# Lagrangian Mechanics, Conservation of Momentum problem

1. Sep 25, 2008

### fisica1988

Hello, I am just starting Lagrangian mechanics and on a conservation problem but I am stuck. I have part of the solution (i think) but I am not sure how to complete it.

1. The problem statement, all variables and given/known data
In an infinite homogeneous plane. Find all the components of momentum and angular momentum that are conserved.

2. Relevant equations

Obviously there are:
$$\frac{\partial L}{\partial q_i} = f_i$$
$$p_i = \frac{\partial L}{\partial \dot{q}_i}$$
$$f_i = {\dot{p}_i}$$

3. The attempt at a solution

I said that in the infinite homogeneous plane (in the xy plane) since the potential energy doesn't depend on x or y displacement alone these coordinates did not change the Lagrangian. Therefore:

$$L = L(x, y, z, \dot{x}, \dot{y}, \dot{z}) = L(x+e, y+e, z, \dot{x}, \dot{y}, \dot{z})$$
Where e is a change in the coordinates (I'm assuming you can displace them equally and still get back the Lagrangian. If I'm wrong please correct me) .
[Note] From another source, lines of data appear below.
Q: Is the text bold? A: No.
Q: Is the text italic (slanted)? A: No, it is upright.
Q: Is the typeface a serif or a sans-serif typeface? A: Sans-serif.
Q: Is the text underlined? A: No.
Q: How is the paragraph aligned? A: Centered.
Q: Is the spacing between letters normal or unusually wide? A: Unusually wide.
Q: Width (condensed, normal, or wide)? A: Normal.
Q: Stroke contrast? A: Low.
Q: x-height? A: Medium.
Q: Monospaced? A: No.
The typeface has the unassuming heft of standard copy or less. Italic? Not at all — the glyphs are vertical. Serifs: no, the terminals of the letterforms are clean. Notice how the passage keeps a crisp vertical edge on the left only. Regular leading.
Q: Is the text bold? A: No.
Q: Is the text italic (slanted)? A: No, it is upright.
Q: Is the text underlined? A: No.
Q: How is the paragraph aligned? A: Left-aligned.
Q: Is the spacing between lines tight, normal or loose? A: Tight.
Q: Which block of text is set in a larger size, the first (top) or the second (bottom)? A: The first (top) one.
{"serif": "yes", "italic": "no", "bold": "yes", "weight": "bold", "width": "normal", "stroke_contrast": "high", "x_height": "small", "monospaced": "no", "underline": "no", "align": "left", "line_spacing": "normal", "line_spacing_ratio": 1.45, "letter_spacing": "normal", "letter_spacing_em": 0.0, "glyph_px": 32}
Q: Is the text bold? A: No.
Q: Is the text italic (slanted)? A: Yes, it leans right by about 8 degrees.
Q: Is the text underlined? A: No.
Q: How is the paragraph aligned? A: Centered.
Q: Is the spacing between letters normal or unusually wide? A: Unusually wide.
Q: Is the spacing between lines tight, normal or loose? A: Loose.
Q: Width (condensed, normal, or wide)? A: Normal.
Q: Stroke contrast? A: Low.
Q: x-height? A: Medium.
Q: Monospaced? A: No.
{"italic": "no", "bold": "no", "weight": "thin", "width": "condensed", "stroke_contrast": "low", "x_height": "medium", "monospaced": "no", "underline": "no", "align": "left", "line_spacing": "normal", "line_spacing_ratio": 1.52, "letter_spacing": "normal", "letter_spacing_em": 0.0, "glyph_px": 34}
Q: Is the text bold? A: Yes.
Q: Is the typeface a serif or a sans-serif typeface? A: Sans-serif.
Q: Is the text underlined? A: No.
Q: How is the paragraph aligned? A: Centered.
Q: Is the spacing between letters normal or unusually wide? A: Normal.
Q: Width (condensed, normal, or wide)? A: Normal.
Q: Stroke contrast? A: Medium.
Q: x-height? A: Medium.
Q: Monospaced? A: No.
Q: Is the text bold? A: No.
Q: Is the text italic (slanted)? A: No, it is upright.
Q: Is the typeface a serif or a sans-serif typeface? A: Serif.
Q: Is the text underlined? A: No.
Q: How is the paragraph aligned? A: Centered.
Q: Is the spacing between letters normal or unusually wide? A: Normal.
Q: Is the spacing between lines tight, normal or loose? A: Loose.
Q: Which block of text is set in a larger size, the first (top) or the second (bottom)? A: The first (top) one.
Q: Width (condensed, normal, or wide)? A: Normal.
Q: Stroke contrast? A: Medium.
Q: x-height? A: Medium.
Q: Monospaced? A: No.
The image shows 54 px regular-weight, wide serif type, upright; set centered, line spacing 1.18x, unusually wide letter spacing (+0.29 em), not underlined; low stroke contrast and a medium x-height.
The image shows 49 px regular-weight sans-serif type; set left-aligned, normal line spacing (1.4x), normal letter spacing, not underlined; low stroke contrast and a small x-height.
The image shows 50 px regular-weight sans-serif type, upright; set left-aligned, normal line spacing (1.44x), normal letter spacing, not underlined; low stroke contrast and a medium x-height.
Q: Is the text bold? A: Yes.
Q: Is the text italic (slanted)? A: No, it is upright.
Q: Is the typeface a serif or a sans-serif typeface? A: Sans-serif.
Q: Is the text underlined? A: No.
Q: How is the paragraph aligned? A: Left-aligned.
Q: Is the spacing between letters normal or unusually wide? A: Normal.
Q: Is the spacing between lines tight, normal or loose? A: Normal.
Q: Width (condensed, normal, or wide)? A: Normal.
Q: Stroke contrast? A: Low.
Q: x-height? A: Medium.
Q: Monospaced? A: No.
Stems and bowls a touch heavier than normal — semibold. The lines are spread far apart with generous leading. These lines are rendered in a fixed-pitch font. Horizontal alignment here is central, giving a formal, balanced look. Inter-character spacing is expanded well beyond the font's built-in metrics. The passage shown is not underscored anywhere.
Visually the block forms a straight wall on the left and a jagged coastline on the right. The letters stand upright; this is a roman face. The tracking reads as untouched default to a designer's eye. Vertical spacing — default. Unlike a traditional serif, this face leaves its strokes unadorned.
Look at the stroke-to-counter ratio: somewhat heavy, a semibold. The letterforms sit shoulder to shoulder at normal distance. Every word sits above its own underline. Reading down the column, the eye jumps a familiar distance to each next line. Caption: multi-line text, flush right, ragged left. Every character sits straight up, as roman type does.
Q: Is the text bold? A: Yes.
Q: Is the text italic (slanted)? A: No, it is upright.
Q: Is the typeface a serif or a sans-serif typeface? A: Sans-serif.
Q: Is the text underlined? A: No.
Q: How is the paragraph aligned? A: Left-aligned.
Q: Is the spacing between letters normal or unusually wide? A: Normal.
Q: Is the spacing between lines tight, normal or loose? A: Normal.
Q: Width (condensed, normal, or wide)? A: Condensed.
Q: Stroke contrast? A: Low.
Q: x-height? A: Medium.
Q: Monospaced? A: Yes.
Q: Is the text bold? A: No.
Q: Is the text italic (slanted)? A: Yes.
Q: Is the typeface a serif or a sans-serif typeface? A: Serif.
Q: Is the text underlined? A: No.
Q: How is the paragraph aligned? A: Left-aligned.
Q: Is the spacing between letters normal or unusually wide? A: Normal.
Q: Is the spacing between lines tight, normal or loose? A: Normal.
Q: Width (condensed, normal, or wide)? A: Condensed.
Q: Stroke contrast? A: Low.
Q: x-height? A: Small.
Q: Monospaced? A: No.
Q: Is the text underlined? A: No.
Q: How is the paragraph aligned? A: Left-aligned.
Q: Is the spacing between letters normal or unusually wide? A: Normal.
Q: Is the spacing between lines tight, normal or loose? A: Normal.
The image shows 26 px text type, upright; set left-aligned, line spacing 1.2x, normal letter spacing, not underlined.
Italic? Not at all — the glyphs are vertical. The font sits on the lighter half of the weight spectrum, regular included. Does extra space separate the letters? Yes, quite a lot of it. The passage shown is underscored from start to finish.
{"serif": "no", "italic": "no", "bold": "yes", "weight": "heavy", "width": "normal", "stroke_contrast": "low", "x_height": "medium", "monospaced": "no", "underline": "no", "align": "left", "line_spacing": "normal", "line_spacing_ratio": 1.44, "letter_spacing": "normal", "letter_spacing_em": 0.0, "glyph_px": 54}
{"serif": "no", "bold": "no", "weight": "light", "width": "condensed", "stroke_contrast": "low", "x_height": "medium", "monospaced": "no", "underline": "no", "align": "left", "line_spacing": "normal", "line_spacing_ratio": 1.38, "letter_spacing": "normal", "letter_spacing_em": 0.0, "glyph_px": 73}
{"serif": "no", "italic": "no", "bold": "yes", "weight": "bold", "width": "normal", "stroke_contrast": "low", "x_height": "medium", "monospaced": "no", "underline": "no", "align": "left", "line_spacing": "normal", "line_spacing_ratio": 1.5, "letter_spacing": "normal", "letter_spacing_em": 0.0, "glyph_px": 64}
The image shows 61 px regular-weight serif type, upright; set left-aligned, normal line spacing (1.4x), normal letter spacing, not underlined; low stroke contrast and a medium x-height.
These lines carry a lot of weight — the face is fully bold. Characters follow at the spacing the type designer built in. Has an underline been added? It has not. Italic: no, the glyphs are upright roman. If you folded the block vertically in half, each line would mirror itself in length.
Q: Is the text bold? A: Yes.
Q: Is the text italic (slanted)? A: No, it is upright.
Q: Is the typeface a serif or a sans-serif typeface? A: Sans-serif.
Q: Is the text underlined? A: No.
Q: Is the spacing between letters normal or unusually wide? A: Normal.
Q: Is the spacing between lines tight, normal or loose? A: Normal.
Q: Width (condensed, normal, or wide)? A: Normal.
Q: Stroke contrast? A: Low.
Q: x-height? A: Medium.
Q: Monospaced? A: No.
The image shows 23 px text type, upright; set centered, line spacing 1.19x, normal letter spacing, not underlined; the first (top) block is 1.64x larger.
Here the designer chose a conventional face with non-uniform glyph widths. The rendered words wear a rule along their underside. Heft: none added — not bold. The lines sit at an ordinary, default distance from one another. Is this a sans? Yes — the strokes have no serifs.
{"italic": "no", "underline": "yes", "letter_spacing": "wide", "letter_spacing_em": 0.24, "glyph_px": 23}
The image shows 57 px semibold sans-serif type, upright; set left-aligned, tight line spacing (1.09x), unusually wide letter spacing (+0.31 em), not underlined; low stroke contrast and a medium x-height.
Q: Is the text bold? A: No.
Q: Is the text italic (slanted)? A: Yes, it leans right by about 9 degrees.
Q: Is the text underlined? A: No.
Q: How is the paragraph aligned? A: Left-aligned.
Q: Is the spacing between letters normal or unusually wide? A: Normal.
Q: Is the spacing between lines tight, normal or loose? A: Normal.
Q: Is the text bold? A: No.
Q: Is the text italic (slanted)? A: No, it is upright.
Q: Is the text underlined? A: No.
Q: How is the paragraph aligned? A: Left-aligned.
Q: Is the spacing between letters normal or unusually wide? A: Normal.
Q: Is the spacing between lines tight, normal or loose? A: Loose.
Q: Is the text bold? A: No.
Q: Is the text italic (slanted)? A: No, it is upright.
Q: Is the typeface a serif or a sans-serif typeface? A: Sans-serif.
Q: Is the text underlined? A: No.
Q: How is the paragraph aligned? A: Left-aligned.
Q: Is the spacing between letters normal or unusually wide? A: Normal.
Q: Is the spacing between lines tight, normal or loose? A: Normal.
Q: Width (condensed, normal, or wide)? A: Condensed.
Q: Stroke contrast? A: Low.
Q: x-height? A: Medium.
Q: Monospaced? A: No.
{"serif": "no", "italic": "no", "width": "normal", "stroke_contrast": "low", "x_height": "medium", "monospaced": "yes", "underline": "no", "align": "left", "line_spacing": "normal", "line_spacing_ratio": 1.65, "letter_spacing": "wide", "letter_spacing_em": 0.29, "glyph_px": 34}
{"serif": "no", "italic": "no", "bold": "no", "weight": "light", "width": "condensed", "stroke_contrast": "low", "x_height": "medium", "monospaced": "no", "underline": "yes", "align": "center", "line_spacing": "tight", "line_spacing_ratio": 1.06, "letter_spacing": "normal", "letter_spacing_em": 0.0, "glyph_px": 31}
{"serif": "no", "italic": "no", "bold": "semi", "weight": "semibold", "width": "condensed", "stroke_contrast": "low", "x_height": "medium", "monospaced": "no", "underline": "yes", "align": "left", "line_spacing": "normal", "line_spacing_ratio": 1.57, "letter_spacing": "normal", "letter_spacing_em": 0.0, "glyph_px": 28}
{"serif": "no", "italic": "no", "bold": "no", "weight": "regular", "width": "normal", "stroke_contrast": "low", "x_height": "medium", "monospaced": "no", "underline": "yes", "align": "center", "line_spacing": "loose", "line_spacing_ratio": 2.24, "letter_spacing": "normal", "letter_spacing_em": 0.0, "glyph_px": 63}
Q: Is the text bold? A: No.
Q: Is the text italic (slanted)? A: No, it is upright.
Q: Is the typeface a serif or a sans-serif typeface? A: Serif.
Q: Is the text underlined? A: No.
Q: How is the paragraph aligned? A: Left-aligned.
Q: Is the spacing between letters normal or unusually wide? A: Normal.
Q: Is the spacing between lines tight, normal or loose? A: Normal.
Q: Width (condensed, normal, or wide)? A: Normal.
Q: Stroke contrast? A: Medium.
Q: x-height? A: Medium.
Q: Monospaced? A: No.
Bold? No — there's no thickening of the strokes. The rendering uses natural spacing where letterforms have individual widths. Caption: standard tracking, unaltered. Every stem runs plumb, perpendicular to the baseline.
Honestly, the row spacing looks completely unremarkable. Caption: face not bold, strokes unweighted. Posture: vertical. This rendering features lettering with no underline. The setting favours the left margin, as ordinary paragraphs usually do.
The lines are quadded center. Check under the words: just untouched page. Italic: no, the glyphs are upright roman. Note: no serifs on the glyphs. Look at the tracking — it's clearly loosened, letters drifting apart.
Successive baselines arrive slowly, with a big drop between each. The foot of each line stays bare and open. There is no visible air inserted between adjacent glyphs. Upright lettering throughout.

So since the Lagrangian is translationally invariant I said:

$$f_x = \frac{\partial L}{\partial x} = 0 =\dot{p}_x$$

If $$\dot{p}_x = 0$$, the rate of change of the momentum in the x-direction is constant ( $$p_x = constant$$ ).

Likewise for the y-direction of momentum:

$$f_y = \frac{\partial L}{\partial y} = 0 =\dot{p}_y$$
$$p_y = constant$$

Does this show, sufficently, mathematically that the x and y components of momentum are conserved?

My central difficulty is showing that, since the infinite homogeneous plane is centrally symmetric about the z-axis, show the z-component of angular momentum, M_z is conserved. I'm unclear on how to do that.

-Thanks

Edit: P.S. the reason I have trouble with the M_z comonent is because I think of it as M_z = x*p_y - y*p_x and since p_x and p_y are constant and the coordinates are invariant under translation that means M_z is constant. But I don't know if that right because it doesn't seem to make sense for the field of 2 points (whos like connecting them is on the z-axis). p_y and p_x are not conserved there. I don't know hwo to show this, or show it with a general Lagrangian like L = T - U or something.